At the end of April I spent a week together with 14 adventurers at the Spring 2018 Intercultural workshop conducted by Robert McNeer and Mirco Trevisan at the Luna nel Pozzo (Ostuni) – a really magical place created by Robert McNeer and his wife Pia Wachter.
Five days of play, exploration, dance, experimentation accompanied by music, sounds, voices. Different languages, different sounds and different landscapes. Also different abilities.
Fourteen apprentice clowns discovering the world, themselves, the others, the beautiful, free nature which makes the Luna nel Pozzo the special place that it is.
Nature is free here not because it is wild, but because— carefully tended— it is left free to express itself under a loving gaze which is respectful of the vital space necessary to growth, but prepared to intervene if necessary. I never saw a fragile branch here which was not sustained.
And we 14 were offered the same freedom. Accompanied gently by Robert and Mirco as we interacted with objects, hats, plants, ladders, flowers, colored cloths, costumes and red noses.
And as the world took on unexpected form and colors, as our bodies expanded, gradually an interior space began appearing, pushing forward, inviting change, opening. Something which demands our attention as it manifests. One can be suddenly overwhelmed by this tenderness, not always easy to manage.
Perhaps it was the unexpected kisses on our hair from Massimo, our master clown with Down syndrome. Perhaps the long eyelashes of Lorenzo, superbaby of Mirco and Susanna, while he watched the stage action from my arms.
Perhaps the uncombed beauty of this place. Or everything together. At some point I asked myself whether I had ever in my life played like this, with the liberty I sense here.
When had I forgotten that play is letting go of responsibility?
Who had convinced me that letting go of responsibility is absolute evil, chaos, loss of control, egoistic, brutal individuality?
Why so hard to accept that, together with a sense of obligation/responsibility, we are blessed with a capacity to follow a new rhythm, new forms, to see in a different way…
As far as I understand, the clown doesn’t know “long-term” or prudence, the clown doesn’t feel threatened by the world, thereby seeing no need for self-defense. The clown knows that the world gives her what she needs, whatever needs might come up.
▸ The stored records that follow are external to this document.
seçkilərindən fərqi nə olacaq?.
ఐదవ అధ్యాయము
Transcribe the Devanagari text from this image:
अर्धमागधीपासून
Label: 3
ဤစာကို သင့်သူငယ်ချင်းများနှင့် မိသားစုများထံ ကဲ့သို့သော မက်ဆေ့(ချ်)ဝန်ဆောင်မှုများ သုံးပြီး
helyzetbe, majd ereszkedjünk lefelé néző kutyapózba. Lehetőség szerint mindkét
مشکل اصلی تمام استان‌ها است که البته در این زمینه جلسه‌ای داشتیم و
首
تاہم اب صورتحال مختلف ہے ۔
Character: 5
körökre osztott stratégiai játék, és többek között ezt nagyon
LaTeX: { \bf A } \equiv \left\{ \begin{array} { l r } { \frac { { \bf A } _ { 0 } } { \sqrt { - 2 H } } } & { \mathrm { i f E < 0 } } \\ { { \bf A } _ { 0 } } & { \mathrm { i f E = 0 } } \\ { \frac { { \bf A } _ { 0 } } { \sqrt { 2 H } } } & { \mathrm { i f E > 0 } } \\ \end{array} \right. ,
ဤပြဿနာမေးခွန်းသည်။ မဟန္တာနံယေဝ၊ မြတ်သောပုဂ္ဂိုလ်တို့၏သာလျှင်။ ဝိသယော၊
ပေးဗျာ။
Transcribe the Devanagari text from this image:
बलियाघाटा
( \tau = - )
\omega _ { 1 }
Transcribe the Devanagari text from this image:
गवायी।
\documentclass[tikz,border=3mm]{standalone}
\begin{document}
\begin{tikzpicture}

As in other artistic endevours, the clown grows in that creative leavening.
Letting go, here and now! And when you are pondering this opportunity, what a perfect time to meet the diversely-abled clown. A triple arial flip, why not? An occasion for which nothing is prepared, and for which nothing can possibly prepare you.
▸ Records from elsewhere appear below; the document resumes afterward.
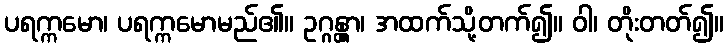
ပရက္ကမော၊ ပရက္ကမောမည်၏။ ဥဂ္ဂန္တွာ၊ အထက်သို့တက်၍။ ဝါ၊ တိုးတတ်၍။
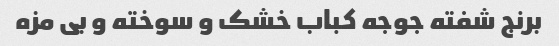
برنج شفته جوجه کباب خشک و سوخته و بی مزه
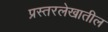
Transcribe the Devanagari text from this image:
प्रस्तरलेखातील
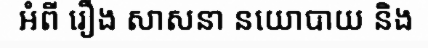
អំពី រឿង សាសនា នយោបាយ និង
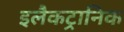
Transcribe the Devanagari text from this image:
इलैकट्रानिक
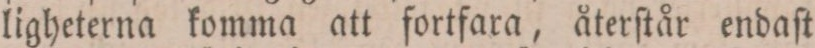
ligheterna komma att fortfara, återſtår endaſt
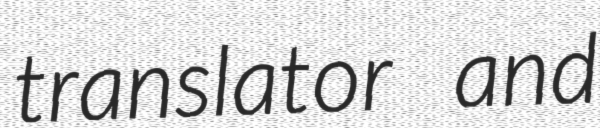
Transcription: translator and
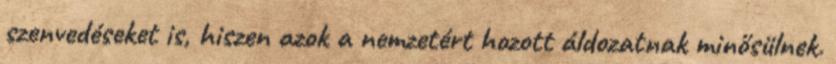
szenvedéseket is, hiszen azok a nemzetért hozott áldozatnak minősülnek.
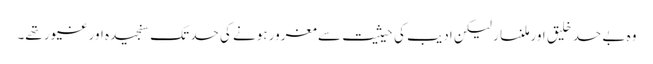
وہ بے حد خلیق اور ملنسار لیکن ادیب کی حیثیت سے مغرور ہونے کی حد تک سنجیدہ اور غیور تھے۔
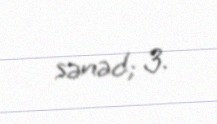
sənəd; 3.
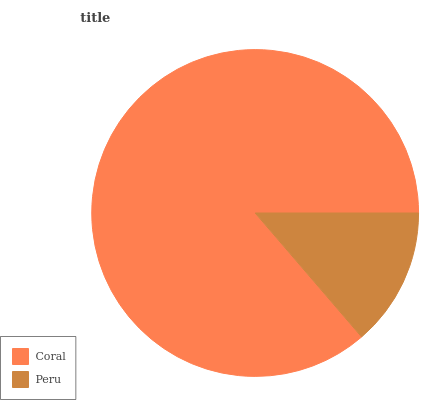
| Coral | Peru |
 | --- | --- |
 | 86.3% | 13.7% |
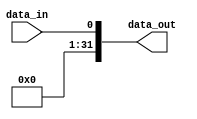
module sign_extend_1to32(
    input wire data_in,
    output wire [31:0] data_out
);

    
assign data_out = {{31{1'b0}},data_in};
         
endmodule
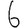
Digit: 6
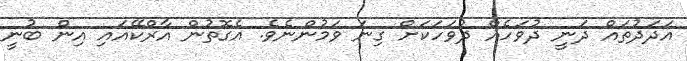
އަދަދުތައް ދަނީ ދުވަހެއް ދުވަހަކަށް ގިނަ ވަމުންނެވެ. އެގޮތުން އާރްކޭއައި އިން ބުނީ
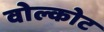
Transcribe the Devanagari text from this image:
वोल्कोट
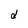
Character: a
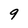
Character: 9
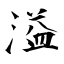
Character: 溢
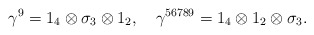
\begin{align*}\gamma ^9=1_4\otimes \sigma _3\otimes 1_2,\quad \gamma ^{56789}=1_4\otimes1_2\otimes \sigma _3. \end{align*}
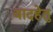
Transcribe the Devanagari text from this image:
वादहेतु
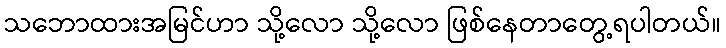
သဘောထားအမြင်ဟာ သို့လော သို့လော ဖြစ်နေတာတွေ့ရပါတယ်။
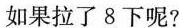
如果拉了 8 下呢?
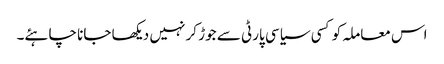
اس معاملہ کو کسی سیاسی پارٹی سے جوڑ کر نہیں دیکھا جانا چاہئے۔

Letting go, here and now! And when you are pondering this opportunity, what a perfect time to meet the diversely-abled clown. A triple arial flip, why not? An occasion for which nothing is prepared, and for which nothing can possibly prepare you.
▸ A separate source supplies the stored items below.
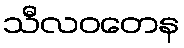
သီလဝတေန
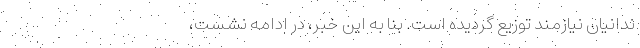
ندانیان نیازمند توزیع گردیده است. بنا به این خبر، در ادامه نشست،
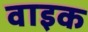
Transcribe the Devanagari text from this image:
वाइक
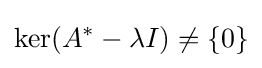
\ker(A^{*}-\lambda I)\neq \{0\}
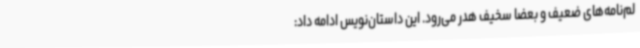
لم‌نامه‌های ضعیف و بعضا سخیف هدر می‌رود. این داستان‌نویس ادامه داد:
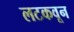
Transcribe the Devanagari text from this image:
लटकवून
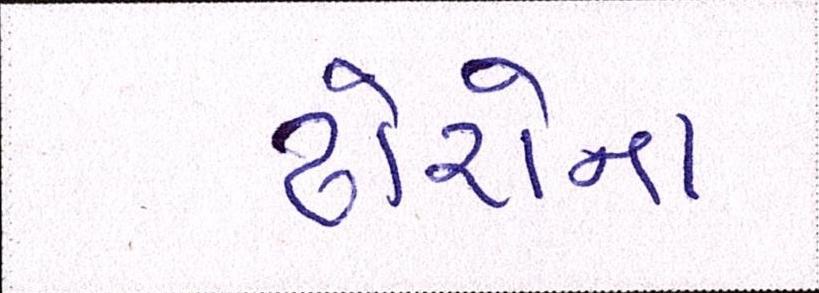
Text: ઢોરોના
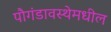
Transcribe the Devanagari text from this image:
पौगंडावस्थेमधील
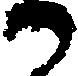
か
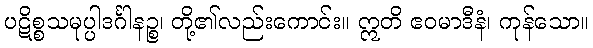
ပဋိစ္စသမုပ္ပါဒင်္ဂါနဉ္စ၊ တို့၏လည်းကောင်း။ ဣတိ ဧဝမာဒီနံ၊ ကုန်သော။
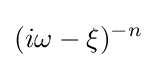
(i\omega -\xi )^{-n}
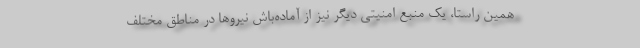
همین راستا، یک منبع امنیتی دیگر نیز از آماده‌باش نیروها در مناطق مختلف
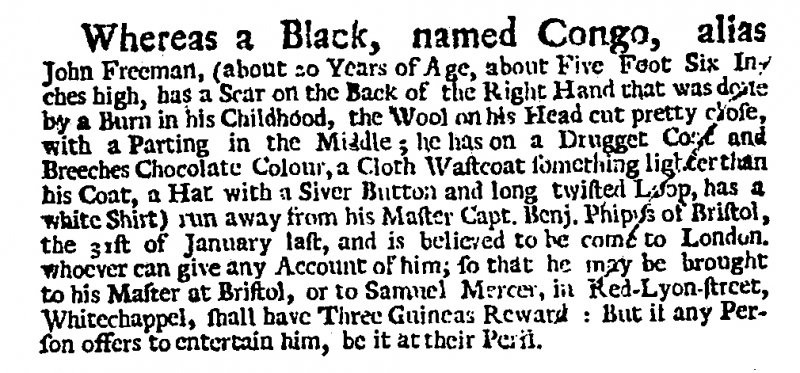
Daily Courant, 10 February 1727 (England)
Whereas a Black, named Congo, alias John Freeman (about 20 Years of Age, about Five Foot Six Inches high, has a Scar on the Back of the Right Hand that was done by a Burn in his Childhood, the Wool on his Head cut pretty close, with a Parting in the Middle; he has on a Drugget Coat and Breeches Chocolate Colour, a Cloth Wastcoat something lighter than his Coat, a Hat with a Silver Button and long twisted Loop, has a white Shirt) run way from his Master Capt. Benj. Phip[p]s of Bristol, the 31st of January last, and is believed to be come to London. whoever can give any Account of him; so that he may be brought to his Master at Bristol, or to Samuel Mercer, in Red-Lyon-street, Whitechappel, shall have Three Guineas Reward: But if any Person offers to entertain him, be it at their Peril.

I see you, I comprehend you, I welcome you.
Diversity is a strength of nature, there is no up or down.
I feel very fortunate to have met people in my life who have the constancy, the discipline and the calling to help the world to bloom.
Experiencing the capacity which love has, to leave the other free (thereby freeing also myself). I feel a great gratitude to those who show, with their own lives, that this love is possible, who make it real.